If you leave all else the same, yes, a tune can help with fuel economy. Both modern gasoline and diesel engines could be more fuel efficient if emissions weren't a concern. There are a lot of concessions made in the tune, and a lot of efficiency wasted in the after treatments (catalytic converter, particulate filters, DEF, etc) that rob power and decrease efficiency for the sake of cleanliness.

In the case of a forced induction gasoline motor, they will inherently get lower fuel economy than it's otherwise exact copy naturally aspirated motor. That is due to forced induction motors having a high BSFC (base specific fuel consumption). The way to alleviate this is to run a smaller engine with higher boost levels; ie the new Ecoboost motors.

As far as diesels "sucking" compared to gasoline motors, it's kind of an apples to oranges comparison. While both gasoline and diesel motors serve the same relative purpose in a truck (move a load), they both approach it from different, but equally valid, angles. Yes, gasoline motors, especially if designed with forced induction, will make more power, but it'll occur at a higher RPM range.
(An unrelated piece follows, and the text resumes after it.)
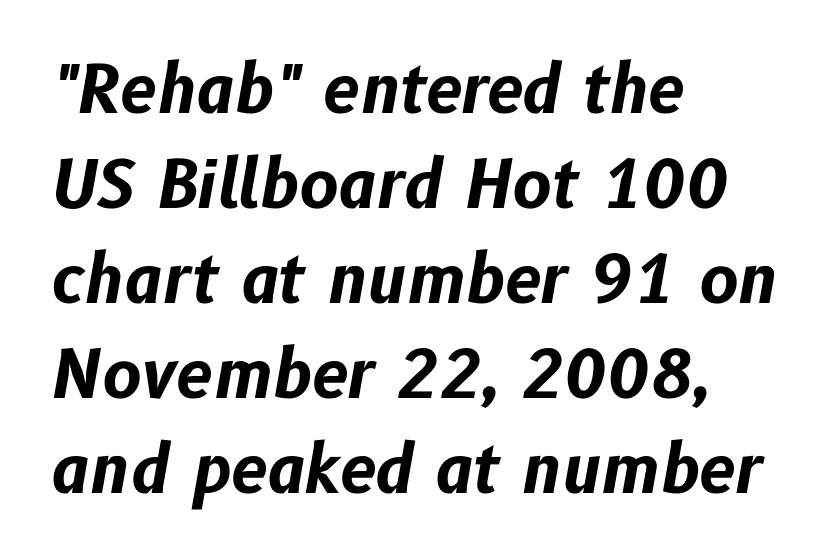
{"italic": "yes", "lean": "right", "slant_degrees": 10, "bold": "yes", "weight": "bold", "width": "normal", "stroke_contrast": "low", "x_height": "medium", "monospaced": "no", "underline": "no", "align": "left", "line_spacing": "normal", "line_spacing_ratio": 1.44, "letter_spacing": "normal", "letter_spacing_em": 0.0, "glyph_px": 66}

This is great for small cars or the occasional sprint, but in long hard pulls up a mountain side (pulling a camper), a diesel is going to have the distinct advantage by not having to rev at high RPMs for an extended period of time. A gasoline motor will do it, but it'll make for higher wear and tear on the already lighter components of the gasoline engine. Diesels deal with the stress better due to their heavier parts, the lower RPM, and the lack of worry for pre-ignition and detonation as the combustion chamber warms up.

Personally, I'm sticking to my 460. Plenty of power but definitely not as much torque as a diesel can produce in low RPM ranges for extended towing. However, I also don't have the maintenance cost associated with the diesel engine.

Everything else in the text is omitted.